18

Romance Series 965

Hany tidak pernah tahu mengobrol dengan seseorang yang juga menyukai orang yang sama dengannya bisa menjadi sangat menyenangkan. Mereka selalu mendapat topik obrolan menarik, bisa tertawa bersama, bahkan juga mengerti perasaan masing-masing. Hany sangat senang karena kemarin sudah mengajak Ana main ke rumah.

Lain kali dia pasti mengajak Ana ke rumah lagi, atau Hany yang gantian main ke rumah Ana. Yang mana saja boleh, Hany senang karena ada teman yang mau mendengar isi hatinya.

Mungkin Hany harus berterima kasih pada Ilham karena sudah memiliki pacar yang begitu menarik.

"Aw," Hany meringis saat tangannya secara paksa ditarik oleh seseorang dengan kasar.

Nabila yang menjadi pelaku penarikan menatap Hany dengan kesal, "Gue udah peringatin lo ya!
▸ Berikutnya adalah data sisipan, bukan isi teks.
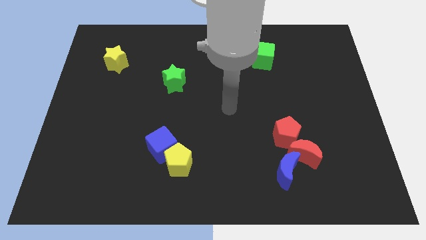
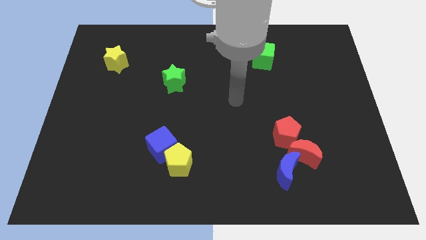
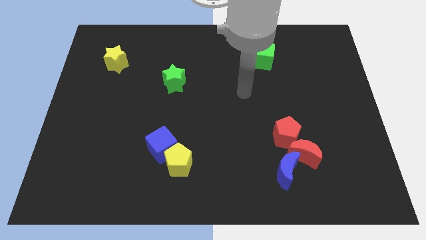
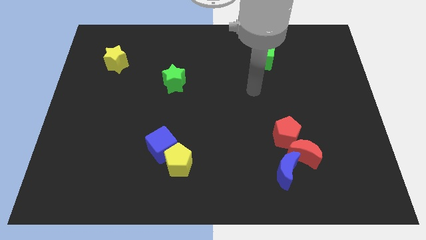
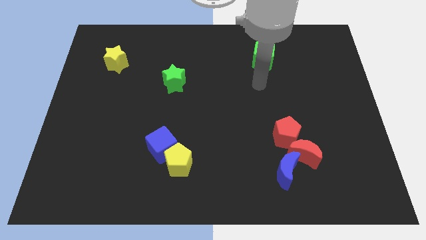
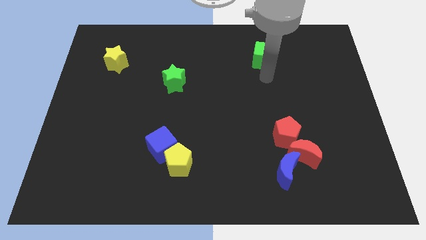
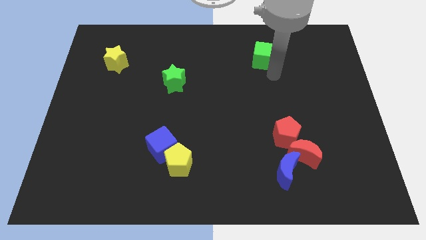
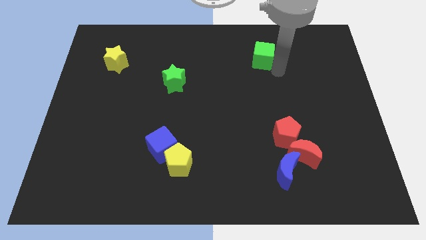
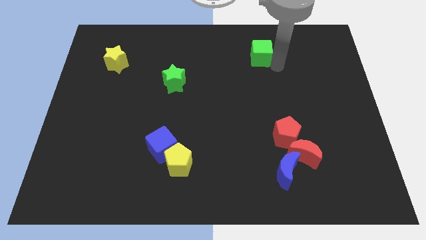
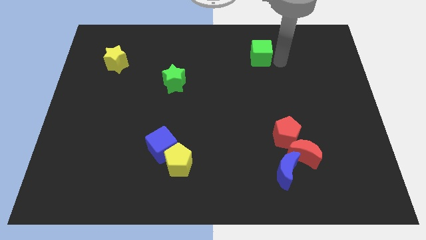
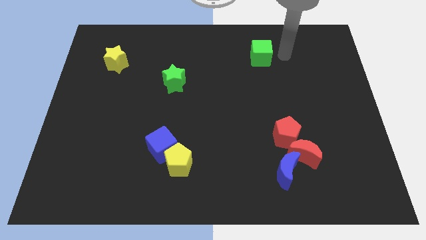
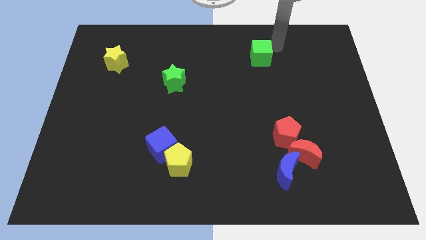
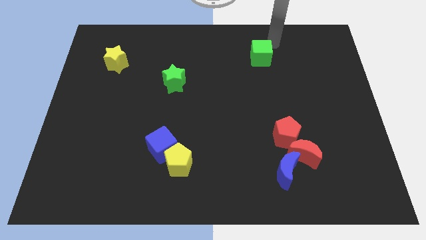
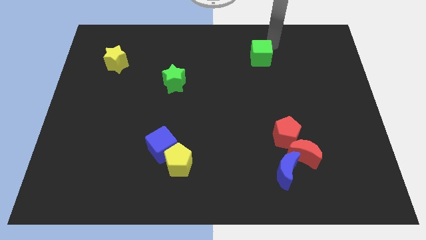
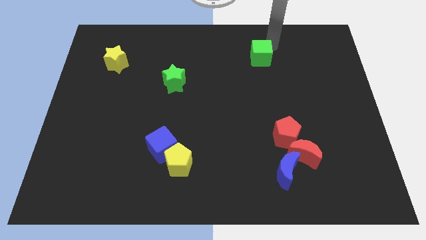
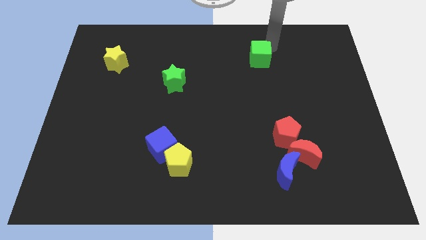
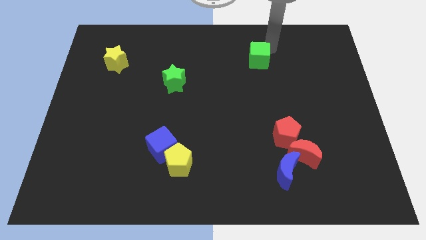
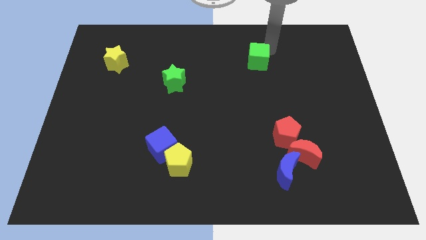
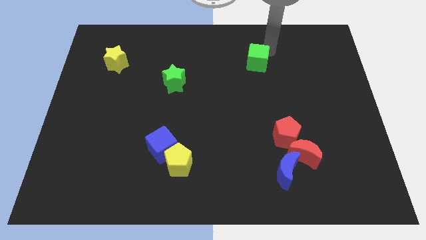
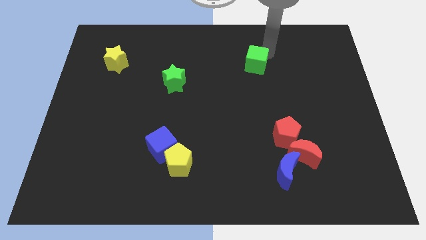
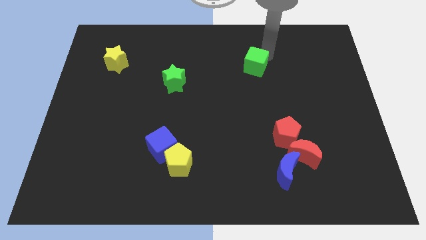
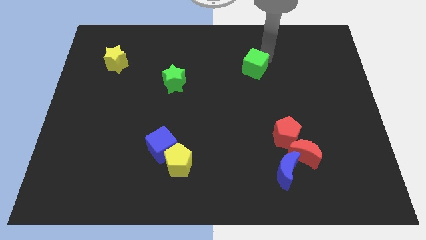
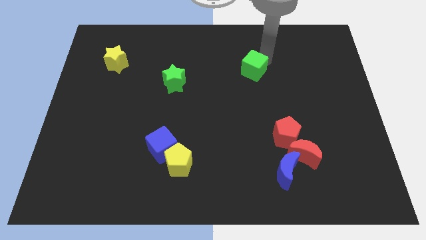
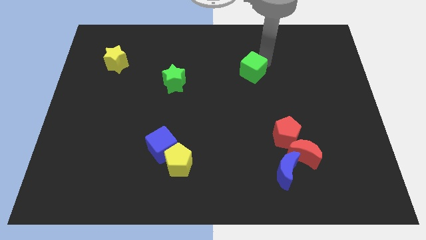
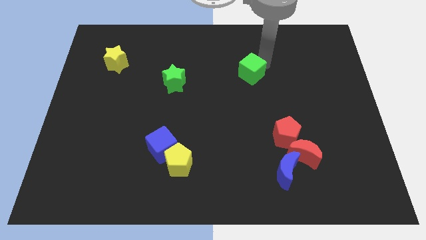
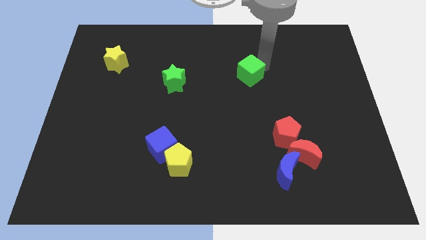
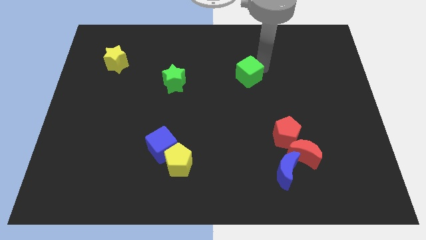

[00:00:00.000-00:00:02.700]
slightly move the green cube down and left diagonally

Jadi berhenti kecentilan di depan Arka."

Dengan bingung Hany mengerutkan dahinya. Dia kan baru sampai sekolah, bertemu dengan Arka juga belum, tapi kenapa sudah dilabrak? "Gue nggak kecentilan kok."

"Emang lo pikir gue nggak tahu semua yang udah lo lakukan? Pergi ke cafe setelah pulang sekolah, sok melakukan dinner bareng, bahkan di sekolah lo juga terus nempel ke Arka tanpa malu."

Banyak ternyata ya yang sudah dilakukan? Tapi Hany tidak mengharapkan semua itu terjadi, kenapa dia terus yang disalahkan sih? Apa tidak bisa Arka yang gantian disalahkan juga? "Bukannya lo bilang mau jauhin gue dari Arka? Jadi seharusnya lo tuh bersama dengan Arka terus saat di sekolah ataupun di luar sekolah."

Nabila terlihat semakin marah, "Lo tuh ya-"

"Hany!!"

Hany dan Nabila sama-sama dibuat terkejut mendengar panggilan itu. Secara kompak mereka melihat ke arah pemilik suara, Ilham.

Nabila langsung menjauh dari Hany agar Ilham tidak mengetahui kejadian barusan. Sedangkan Hany malah merasakan firasat buruk. Ilham yang terlihat marah memang sebuah pertanda buruk.

Ilham menghentikan langkahnya saat sudah di hadapan Hany, ekspresinya terlihat kesal, "Kemarin lo melakukan apa ke Ana sih?"

Hany kemarin hanya melakukan makeover pada Ana lalu mengirimkan banyak foto dan video pada Ilham, "Mendandaninya biar lo makin suka dia."

Ilham meletakkan tangan kanannya di dekat wajah Hany, mengunci gadis ini agar tidak kabur ke mana pun, "Jangan melakukan yang aneh-aneh."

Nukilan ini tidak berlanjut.